Active Travel, Tours, Travel Narrative

Crossed Off: Yet Another Travel Bucket List Post

A shot from my first completed travel experiences bucket list item.

A shot from my first completed travel experiences bucket list item.

As I prepare to cross off another fairly major travel bucket list item (starting tomorrow!) it becomes clear that hey–I actually do have a (mental) travel bucket list (despite my abhorrence of the concept of bucket lists).  But my list isn’t filled with destinations–it’s filled with experiences.  (Ok–maybe there are a few destinations in there, too.)

What do I mean by this?  While a destination-specific bucket list may look something like this:

Destination-Specific Travel Bucket List

-Thailand

-Iceland

-Montana

-Peru

-Colorado

(and so on and so forth)

…an experience-based bucket list is a list of specific things–experiences, if you will.  For example, the first thing I crossed off of my (until-now-only-mental) travel bucket list was spend a day aboard the Napa Valley Wine Train.  It was a fairly simple wish, but given the fact that I live on the opposite coast and, well, never really imagined I’d find myself in Napa, it was bucket-list worthy. I remember when I found out that I was going; I may have jumped up and down a little (I may also have learned of it while checking my email on my iPhone in the grocery store and said jumping up and down may have been noticed by several strangers…)

The experience I’m beginning tomorrow (the trip has already started, as I’m currently on my way while writing this) is a travel experience bucket list item.  But you’ll have to wait until tomorrow to find out what that is.  For now, I bring you an entirely incomplete list of my top travel experience wishes…

My Travel Experience Bucket List (ahem…)

-Witness the Northern Lights

-Attend the Albuquerque International Balloon Fiesta (and go up in a balloon).

-Spend a week (or more) at a working ranch and learn how to ride a horse (and do general cowgirl things).

-Participate in The Culinary Institute of America’s Culinary Boot Camp

-Hike to Everest base camp (really).

-Spend a week at an all-inclusive luxury resort on an island somewhere (also really; this is so unlike me).

-Drive the Pacific Coast Highway; ideally solo, ideally in a convertible.

-Attend the New York City, South Beach, and Aspen Food and Wine Festivals (in order of increased desire).

-Witness some version of a Yi Peng festival (floating lanterns) in Thailand.

I can’t help but notice a few trends in the experiences listed above–I basically want to watch glowing things in the sky and/or eat stuff.  Oh–and learn new skills.  Yeah.  That sounds about right.

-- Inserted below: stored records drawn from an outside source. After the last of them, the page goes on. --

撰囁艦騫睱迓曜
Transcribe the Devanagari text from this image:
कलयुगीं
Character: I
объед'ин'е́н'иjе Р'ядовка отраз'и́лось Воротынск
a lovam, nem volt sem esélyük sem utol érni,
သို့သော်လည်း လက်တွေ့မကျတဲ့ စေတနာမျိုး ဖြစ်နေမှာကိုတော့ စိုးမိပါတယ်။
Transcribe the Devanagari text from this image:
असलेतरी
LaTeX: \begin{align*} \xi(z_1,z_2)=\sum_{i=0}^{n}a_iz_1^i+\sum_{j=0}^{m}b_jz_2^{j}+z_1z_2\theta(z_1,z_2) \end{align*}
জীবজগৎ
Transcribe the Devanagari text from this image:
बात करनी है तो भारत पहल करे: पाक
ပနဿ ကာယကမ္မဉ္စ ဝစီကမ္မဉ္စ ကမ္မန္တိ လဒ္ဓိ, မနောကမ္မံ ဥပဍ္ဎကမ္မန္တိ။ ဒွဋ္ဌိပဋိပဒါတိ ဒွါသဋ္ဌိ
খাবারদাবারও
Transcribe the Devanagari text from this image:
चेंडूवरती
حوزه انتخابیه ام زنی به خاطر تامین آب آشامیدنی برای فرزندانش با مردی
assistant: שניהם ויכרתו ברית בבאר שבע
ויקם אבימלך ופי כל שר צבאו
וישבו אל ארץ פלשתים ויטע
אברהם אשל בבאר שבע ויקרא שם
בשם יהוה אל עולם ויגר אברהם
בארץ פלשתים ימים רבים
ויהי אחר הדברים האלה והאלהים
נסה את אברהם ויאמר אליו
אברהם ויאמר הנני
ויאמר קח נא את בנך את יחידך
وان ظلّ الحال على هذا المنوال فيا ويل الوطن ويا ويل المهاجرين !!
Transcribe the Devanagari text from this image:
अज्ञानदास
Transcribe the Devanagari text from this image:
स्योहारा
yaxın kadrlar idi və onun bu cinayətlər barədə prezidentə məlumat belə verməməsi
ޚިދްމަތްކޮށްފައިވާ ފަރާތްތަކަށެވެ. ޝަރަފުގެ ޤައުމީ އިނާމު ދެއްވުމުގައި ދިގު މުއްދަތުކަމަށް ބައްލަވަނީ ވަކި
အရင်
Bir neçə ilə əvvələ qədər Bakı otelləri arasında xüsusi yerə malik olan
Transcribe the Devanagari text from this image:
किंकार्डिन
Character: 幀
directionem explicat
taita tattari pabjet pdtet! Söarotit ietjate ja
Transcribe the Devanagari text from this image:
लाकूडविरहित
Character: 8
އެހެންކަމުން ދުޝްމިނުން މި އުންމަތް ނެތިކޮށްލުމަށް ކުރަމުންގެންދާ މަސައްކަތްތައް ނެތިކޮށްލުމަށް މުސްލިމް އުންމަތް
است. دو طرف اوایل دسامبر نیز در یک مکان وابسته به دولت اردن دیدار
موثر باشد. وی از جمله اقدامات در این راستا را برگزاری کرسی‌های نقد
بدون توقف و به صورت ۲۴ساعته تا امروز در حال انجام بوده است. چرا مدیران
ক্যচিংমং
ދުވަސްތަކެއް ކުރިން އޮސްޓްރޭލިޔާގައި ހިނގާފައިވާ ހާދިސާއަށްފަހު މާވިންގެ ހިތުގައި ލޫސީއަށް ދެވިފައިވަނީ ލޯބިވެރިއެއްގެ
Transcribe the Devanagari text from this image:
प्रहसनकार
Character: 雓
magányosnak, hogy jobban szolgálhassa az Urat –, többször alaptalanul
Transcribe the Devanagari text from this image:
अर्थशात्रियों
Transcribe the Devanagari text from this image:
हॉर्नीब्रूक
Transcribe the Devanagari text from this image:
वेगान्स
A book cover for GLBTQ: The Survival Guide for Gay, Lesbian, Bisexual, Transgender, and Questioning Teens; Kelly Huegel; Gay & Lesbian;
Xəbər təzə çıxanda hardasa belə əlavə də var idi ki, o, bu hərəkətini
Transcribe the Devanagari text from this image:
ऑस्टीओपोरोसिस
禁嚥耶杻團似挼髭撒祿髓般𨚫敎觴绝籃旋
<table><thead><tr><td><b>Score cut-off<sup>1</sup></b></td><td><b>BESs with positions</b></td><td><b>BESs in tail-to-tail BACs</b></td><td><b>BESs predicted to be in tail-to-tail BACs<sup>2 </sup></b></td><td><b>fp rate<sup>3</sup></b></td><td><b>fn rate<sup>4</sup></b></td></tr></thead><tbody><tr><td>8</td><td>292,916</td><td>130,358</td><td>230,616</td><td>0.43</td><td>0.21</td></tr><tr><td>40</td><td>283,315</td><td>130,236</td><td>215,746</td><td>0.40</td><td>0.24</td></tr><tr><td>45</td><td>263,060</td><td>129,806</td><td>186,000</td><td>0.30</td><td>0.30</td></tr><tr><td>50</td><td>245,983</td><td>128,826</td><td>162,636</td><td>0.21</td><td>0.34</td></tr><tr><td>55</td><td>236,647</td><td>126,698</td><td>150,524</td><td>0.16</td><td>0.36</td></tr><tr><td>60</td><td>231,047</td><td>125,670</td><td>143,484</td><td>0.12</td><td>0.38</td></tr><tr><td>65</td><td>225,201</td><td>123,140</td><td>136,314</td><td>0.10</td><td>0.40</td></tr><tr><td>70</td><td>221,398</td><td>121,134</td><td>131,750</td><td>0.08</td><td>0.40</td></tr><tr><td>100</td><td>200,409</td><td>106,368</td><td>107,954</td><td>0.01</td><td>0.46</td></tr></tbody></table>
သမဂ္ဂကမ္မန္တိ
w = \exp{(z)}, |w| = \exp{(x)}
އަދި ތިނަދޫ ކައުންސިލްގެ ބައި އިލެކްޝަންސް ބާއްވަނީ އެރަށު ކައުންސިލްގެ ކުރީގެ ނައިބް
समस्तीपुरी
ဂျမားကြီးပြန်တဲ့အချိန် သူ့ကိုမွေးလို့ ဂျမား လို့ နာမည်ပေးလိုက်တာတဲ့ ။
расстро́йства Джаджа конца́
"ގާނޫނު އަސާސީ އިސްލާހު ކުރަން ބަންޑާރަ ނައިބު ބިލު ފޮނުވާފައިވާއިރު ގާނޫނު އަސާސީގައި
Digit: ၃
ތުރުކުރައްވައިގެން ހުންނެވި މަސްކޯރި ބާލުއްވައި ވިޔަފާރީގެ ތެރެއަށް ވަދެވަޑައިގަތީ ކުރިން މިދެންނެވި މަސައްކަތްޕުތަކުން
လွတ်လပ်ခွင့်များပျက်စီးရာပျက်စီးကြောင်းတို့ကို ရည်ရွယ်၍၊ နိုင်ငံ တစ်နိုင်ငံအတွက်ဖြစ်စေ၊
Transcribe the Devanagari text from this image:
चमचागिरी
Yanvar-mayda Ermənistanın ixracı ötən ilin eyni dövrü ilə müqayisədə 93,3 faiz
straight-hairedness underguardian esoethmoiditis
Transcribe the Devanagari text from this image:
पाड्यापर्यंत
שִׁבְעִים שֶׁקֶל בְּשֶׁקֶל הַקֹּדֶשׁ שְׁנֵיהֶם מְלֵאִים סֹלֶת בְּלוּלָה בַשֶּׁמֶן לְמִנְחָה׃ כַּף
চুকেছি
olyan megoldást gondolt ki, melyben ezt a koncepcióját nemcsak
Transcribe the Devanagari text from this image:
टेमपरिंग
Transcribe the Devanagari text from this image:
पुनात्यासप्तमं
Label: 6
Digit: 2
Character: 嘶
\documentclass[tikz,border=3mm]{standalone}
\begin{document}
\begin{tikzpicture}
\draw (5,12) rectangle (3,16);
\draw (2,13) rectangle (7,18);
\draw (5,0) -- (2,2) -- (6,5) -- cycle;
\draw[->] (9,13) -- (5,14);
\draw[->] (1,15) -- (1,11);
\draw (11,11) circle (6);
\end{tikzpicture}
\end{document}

So what’s stopping me?  My first instinct is reply in the most typical manner–time and money are stopping me (or, rather, lack of time and money).  After all, some entirely mental, extremely estimated (a la The Price is Right) calculations tell me that to do all of the above, I’d need at least nineteen weeks and at least $32,000 (and to be honest, a huge part of me wants to add ‘sail around the world on a high-end cruise ship’, but that would add six months and at least thirty grand to my total).  I don’t have nineteen weeks and I don’t have thirty two thousand dollars.  Yet.

And yet is the key word.

So tomorrow, as I head off to do something I always wanted to do but never thought I could, I can’t help but wonder–what’s next?  I can not wait to find out.